Do you want to trade your freedom for a saving that isn’t even worth very much – around 1/240th of the yearly national deficit at the current level – and will not benefit you in any way at all?

The government says nobody will be denied medical care – but it also said it would not impose a top-down reorganisation of the NHS, and how long did that promise last? Andrew Lansley had been working on it for many years before that infamous campaign announcement was made, but was under orders not to speak about it until a Conservative-led government was firmly installed in office and nobody could do anything to stop it.
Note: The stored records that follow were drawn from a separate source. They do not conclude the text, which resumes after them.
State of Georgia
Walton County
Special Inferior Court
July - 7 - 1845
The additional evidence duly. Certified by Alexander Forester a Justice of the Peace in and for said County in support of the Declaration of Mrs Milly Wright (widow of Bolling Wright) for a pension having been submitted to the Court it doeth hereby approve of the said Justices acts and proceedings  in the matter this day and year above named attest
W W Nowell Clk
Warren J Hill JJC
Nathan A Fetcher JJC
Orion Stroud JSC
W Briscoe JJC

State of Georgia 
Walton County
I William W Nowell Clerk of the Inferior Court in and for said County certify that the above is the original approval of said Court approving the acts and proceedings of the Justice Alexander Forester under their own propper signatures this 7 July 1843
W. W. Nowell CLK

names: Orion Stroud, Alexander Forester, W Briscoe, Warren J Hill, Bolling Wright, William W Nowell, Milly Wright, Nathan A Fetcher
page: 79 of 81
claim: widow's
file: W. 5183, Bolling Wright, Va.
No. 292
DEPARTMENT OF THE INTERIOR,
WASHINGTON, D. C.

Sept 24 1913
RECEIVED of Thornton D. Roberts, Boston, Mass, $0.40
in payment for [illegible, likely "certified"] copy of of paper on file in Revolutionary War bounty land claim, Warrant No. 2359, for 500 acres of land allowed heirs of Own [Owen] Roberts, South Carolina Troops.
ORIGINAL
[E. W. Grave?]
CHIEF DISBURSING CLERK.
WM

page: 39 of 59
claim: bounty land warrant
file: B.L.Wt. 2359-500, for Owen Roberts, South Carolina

The government says the changes will ensure that the system is “fair” – but then, this government has a strange notion of fairness. According to David Cameron, it is fair to deny life-saving benefits to the disabled and long-term sick in the name of deficit reduction, while granting huge tax breaks to the spectacularly wealthy that ensure the deficit will not go down.

I don’t even know what my NHS number is – but soon I will have to, in order to satisfy Britain’s new immigration officials, otherwise known as doctors and nurses.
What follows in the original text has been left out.